(Data section):
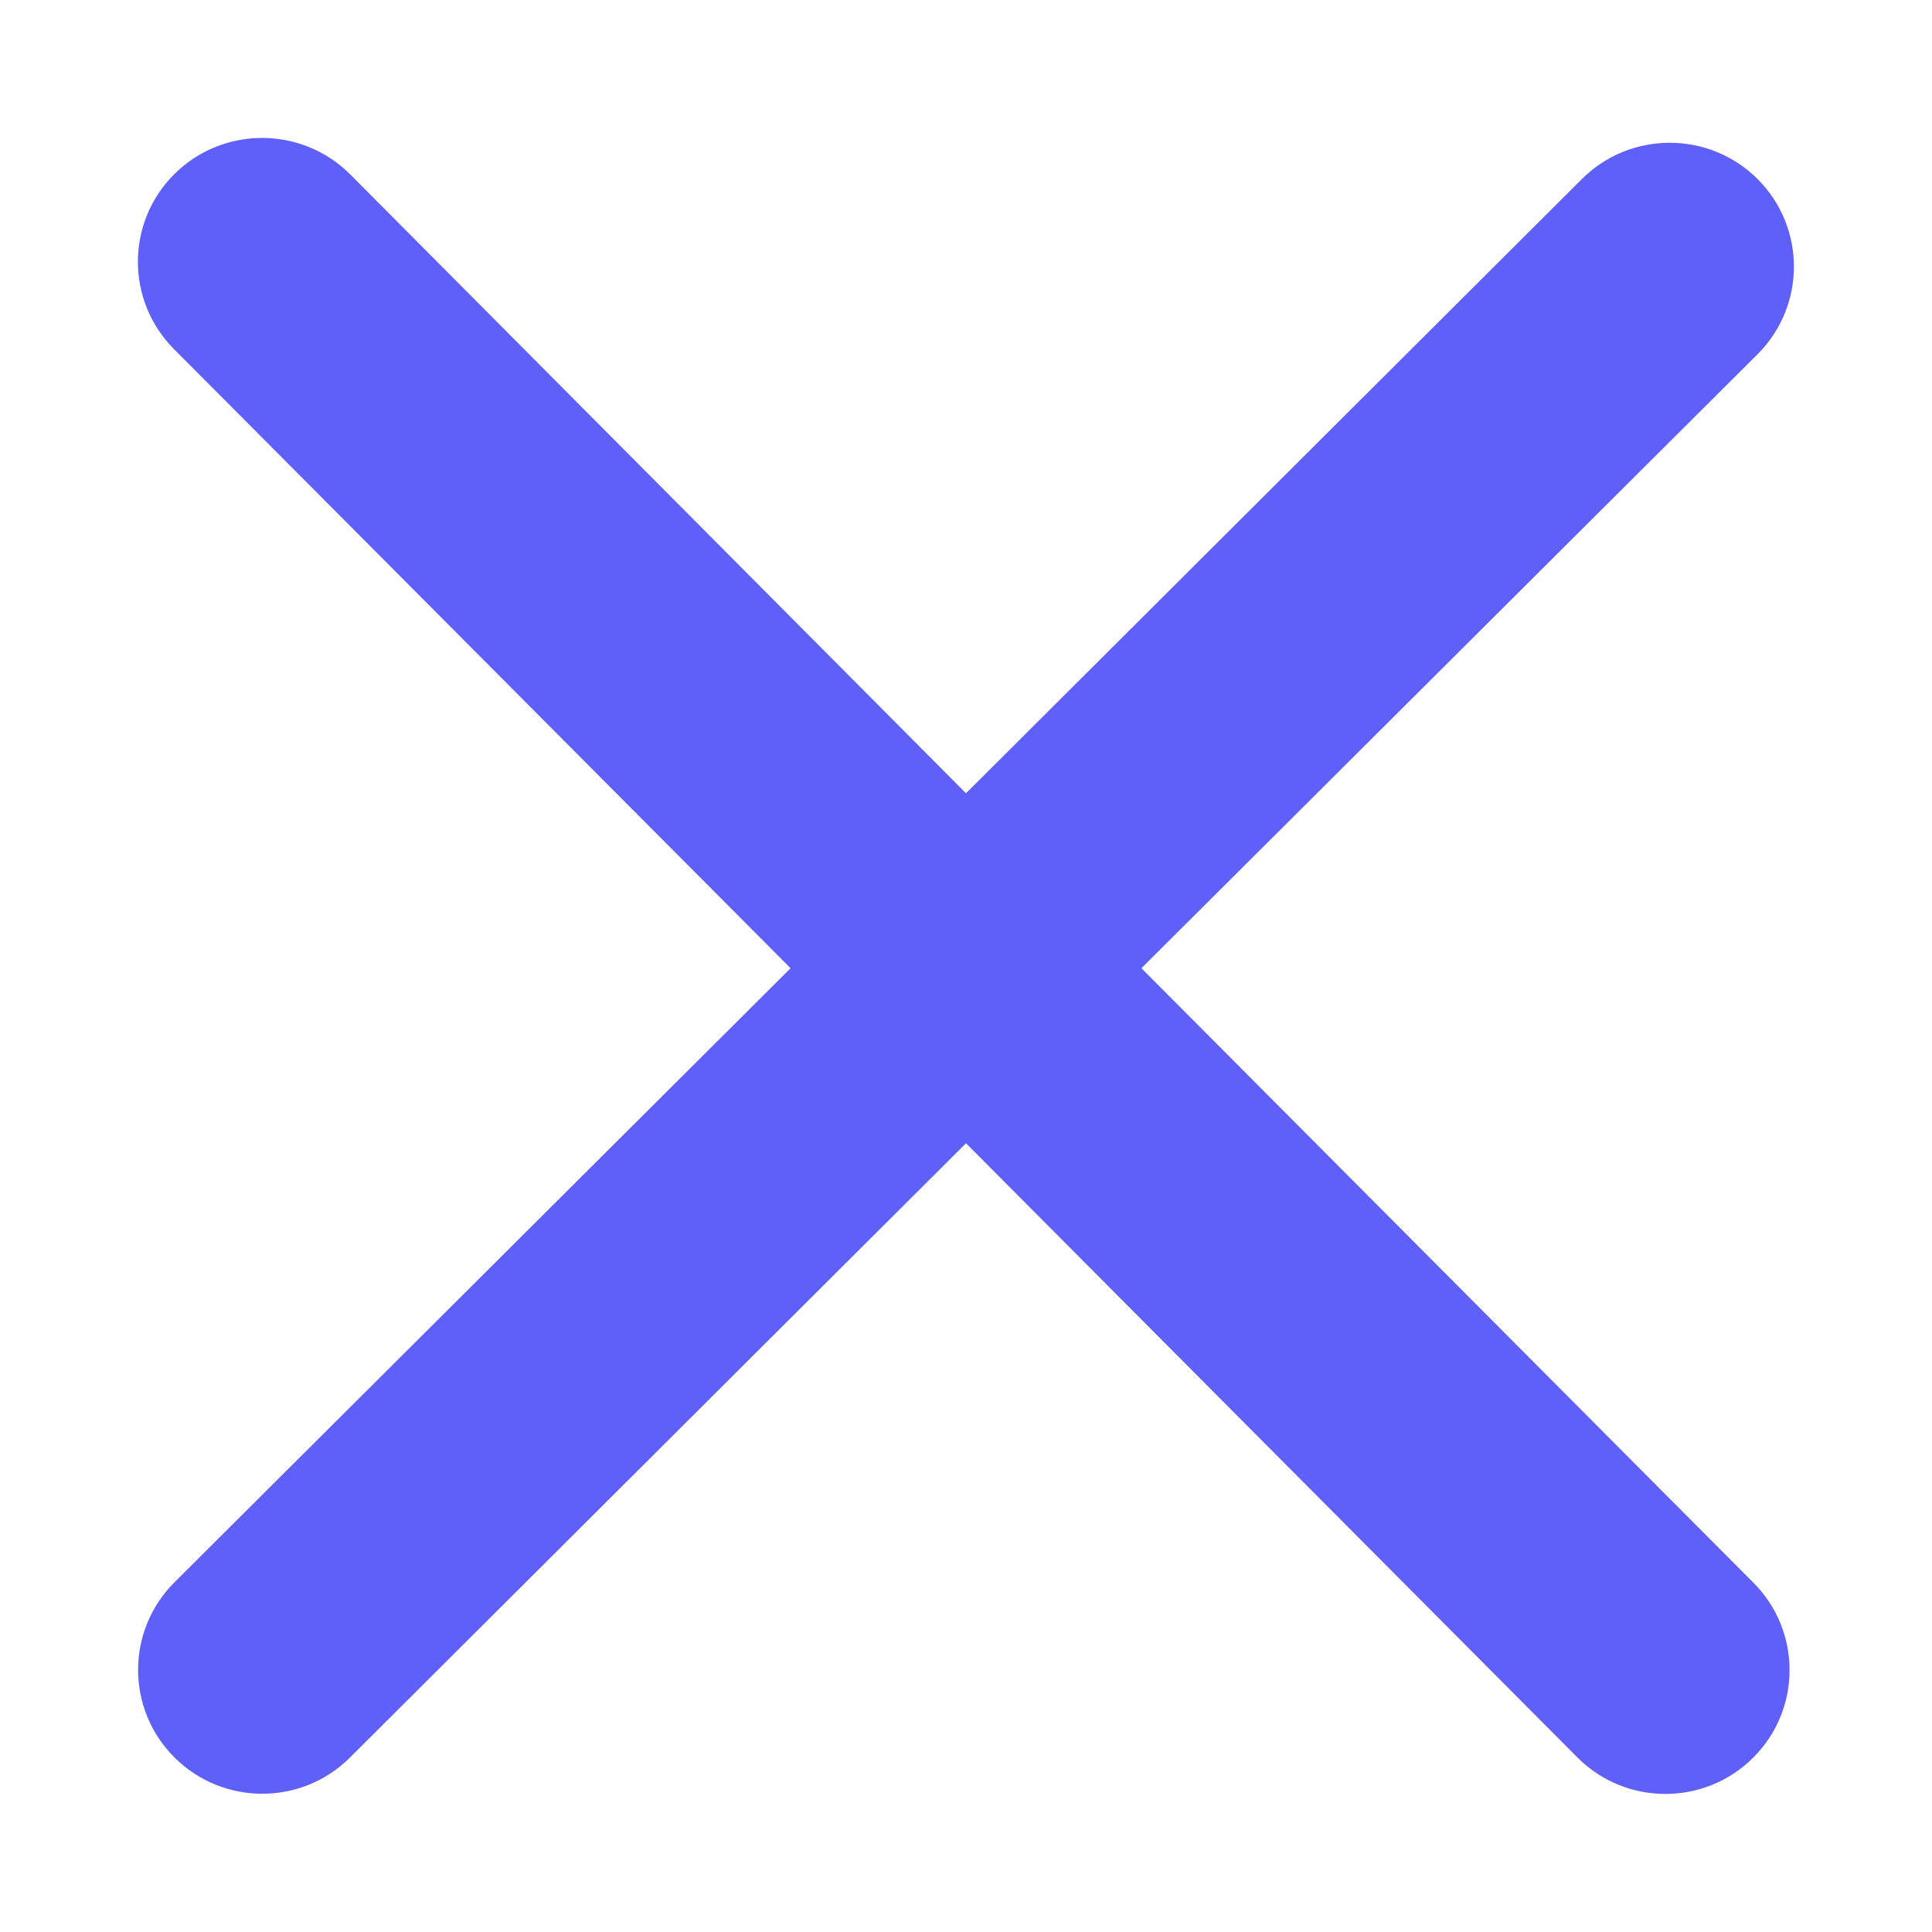 <svg width="20" height="20" viewBox="0 0 20 20" fill="none" xmlns="http://www.w3.org/2000/svg">
<path d="M18.149 16.382C18.651 16.882 18.651 17.695 18.149 18.195C17.647 18.696 16.833 18.696 16.331 18.195L10 11.835L3.624 18.193C3.122 18.694 2.308 18.694 1.806 18.193C1.304 17.692 1.304 16.88 1.806 16.38L8.184 10.023L1.804 3.617C1.302 3.116 1.302 2.304 1.804 1.803C2.306 1.303 3.121 1.303 3.623 1.803L10 8.212L16.376 1.853C16.878 1.353 17.692 1.353 18.194 1.853C18.696 2.354 18.696 3.166 18.194 3.667L11.816 10.023L18.149 16.382Z" fill="#5f5ffa"/>
</svg>
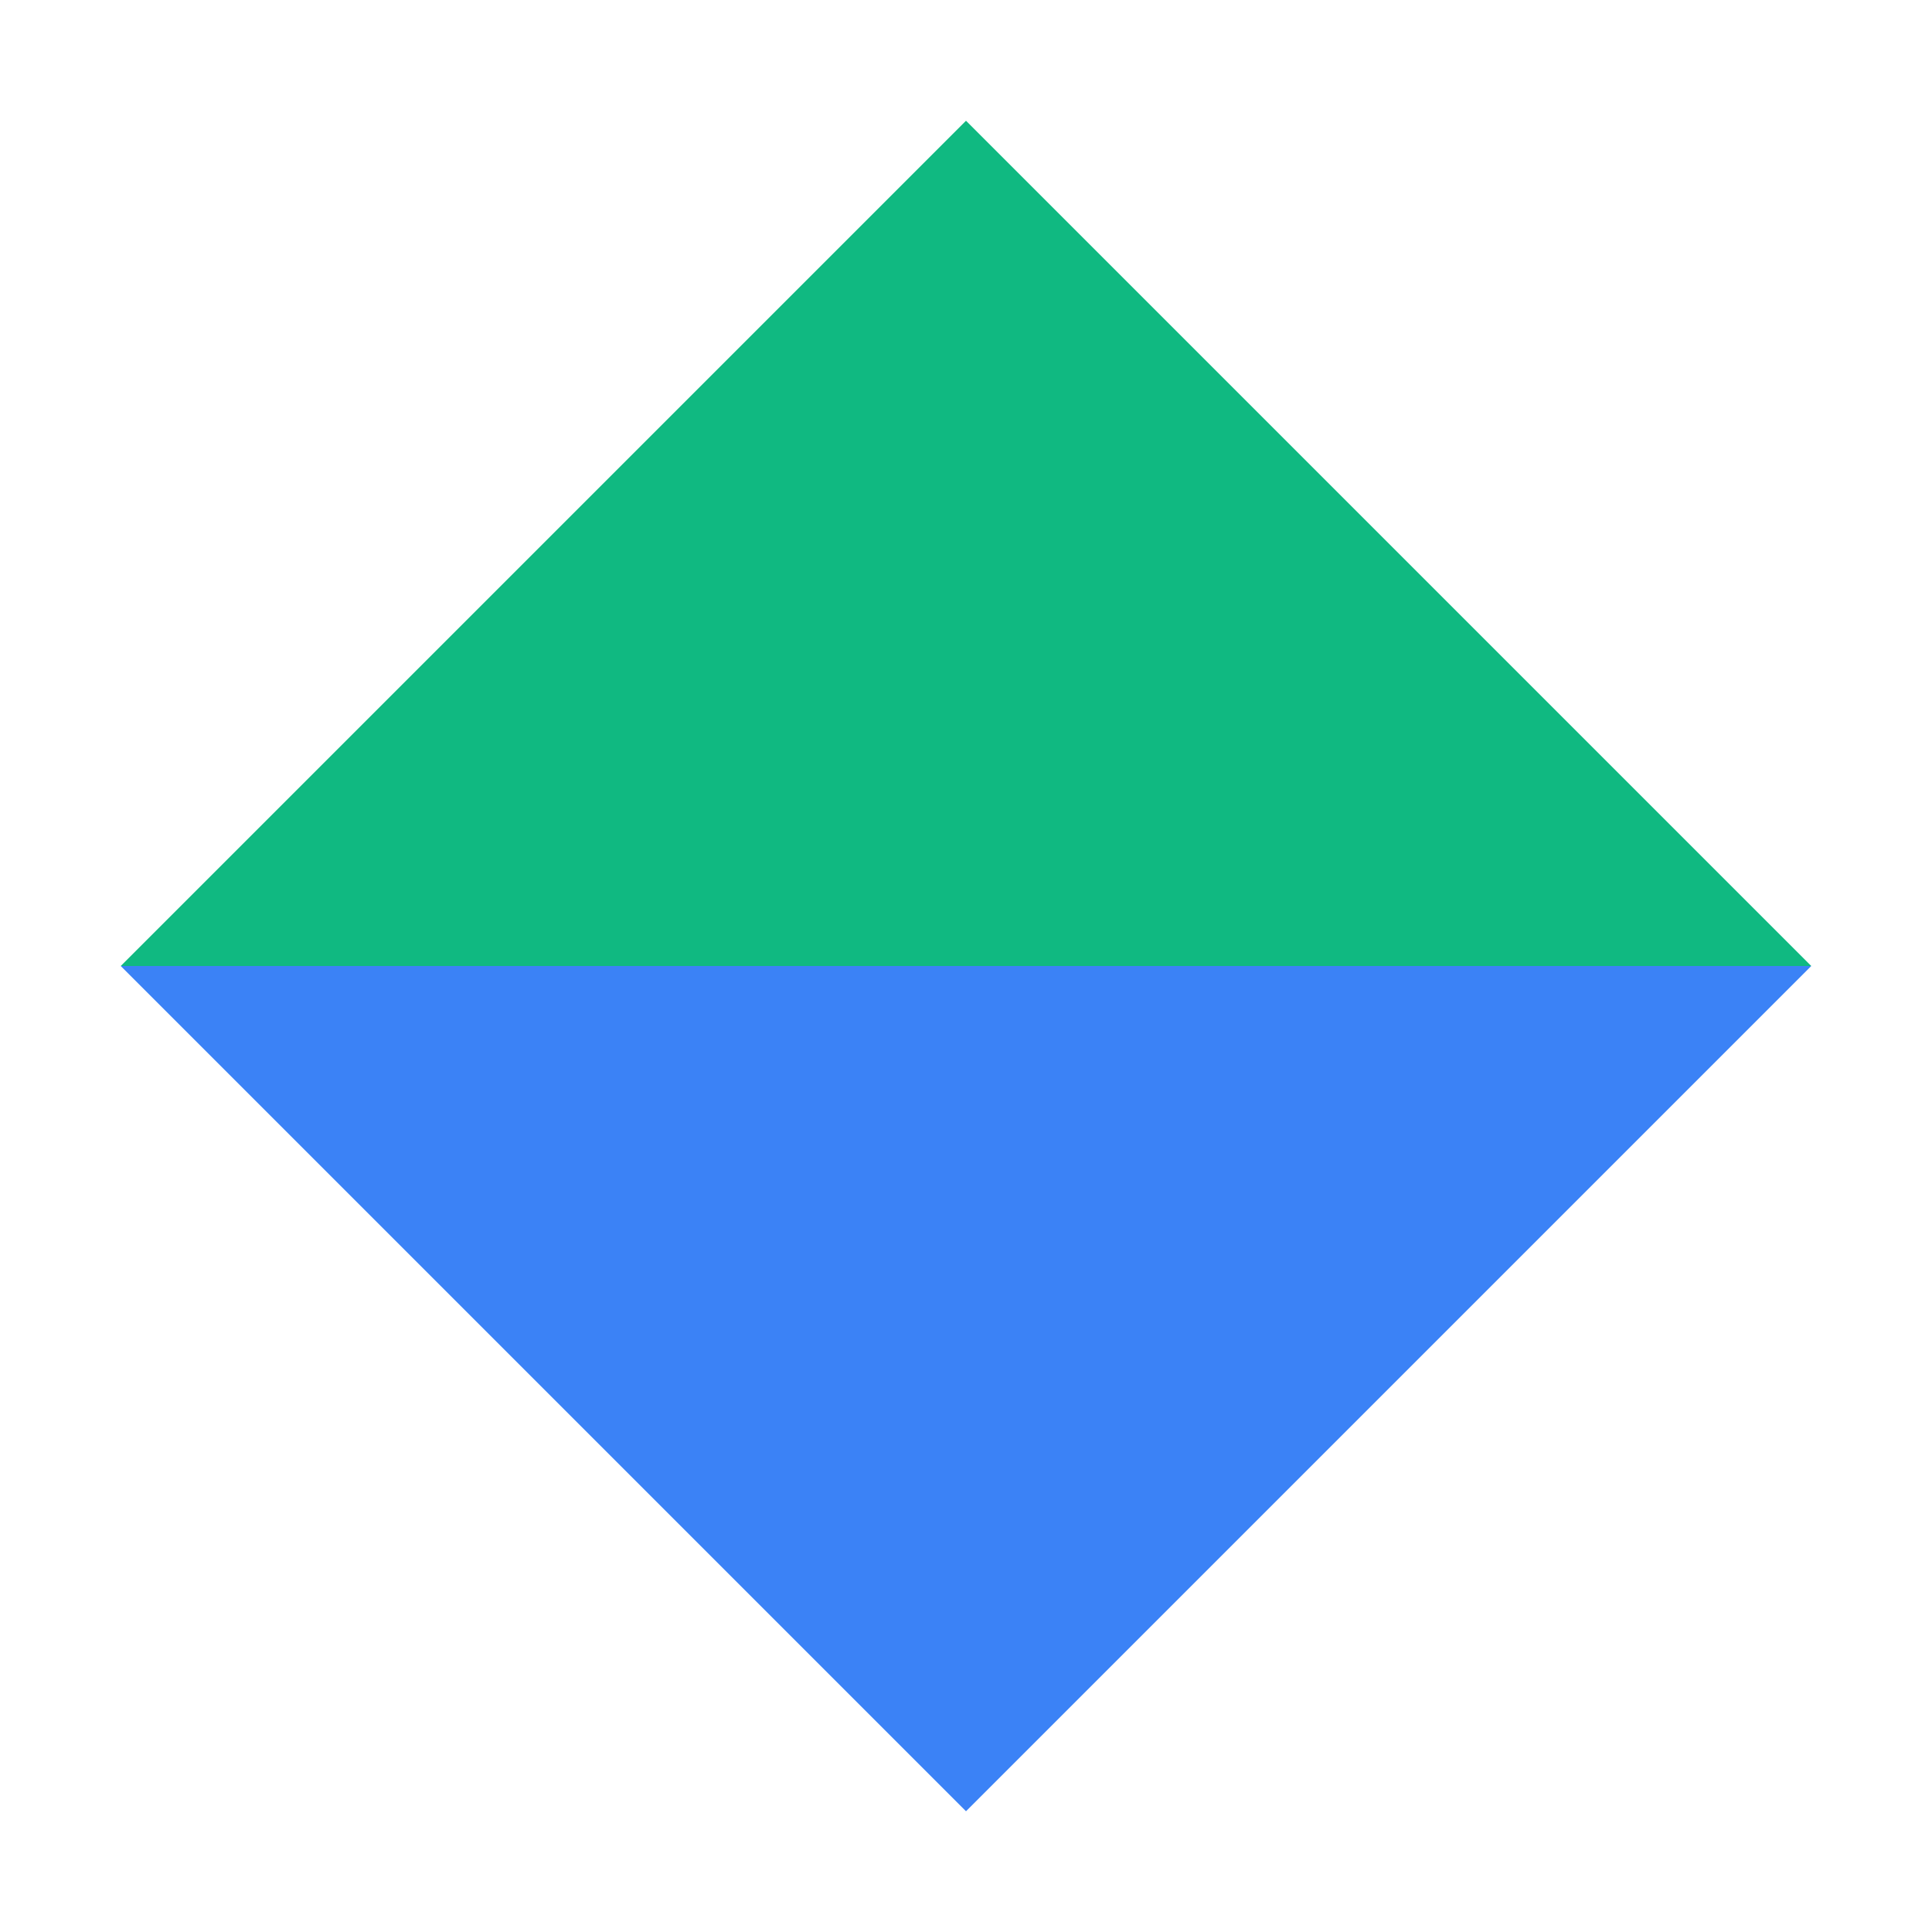 <svg xmlns="http://www.w3.org/2000/svg" viewBox="0 0 32 32" width="32" height="32">
  <!-- Top triangle (green/teal) #10b981 -->
  <path d="M16 2 L2 16 L30 16 Z" fill="#10b981" />
  <!-- Bottom triangle (blue) #3b82f6 -->
  <path d="M16 30 L2 16 L30 16 Z" fill="#3b82f6" />
</svg>

(Exercise brief): Once the line with "2 L2 16 L30" is found, transcribe it and each line after it through the final line of the entries, exactly and only.

(Response box):
  <path d="M16 2 L2 16 L30 16 Z" fill="#10b981" />
  <!-- Bottom triangle (blue) #3b82f6 -->
  <path d="M16 30 L2 16 L30 16 Z" fill="#3b82f6" />
</svg>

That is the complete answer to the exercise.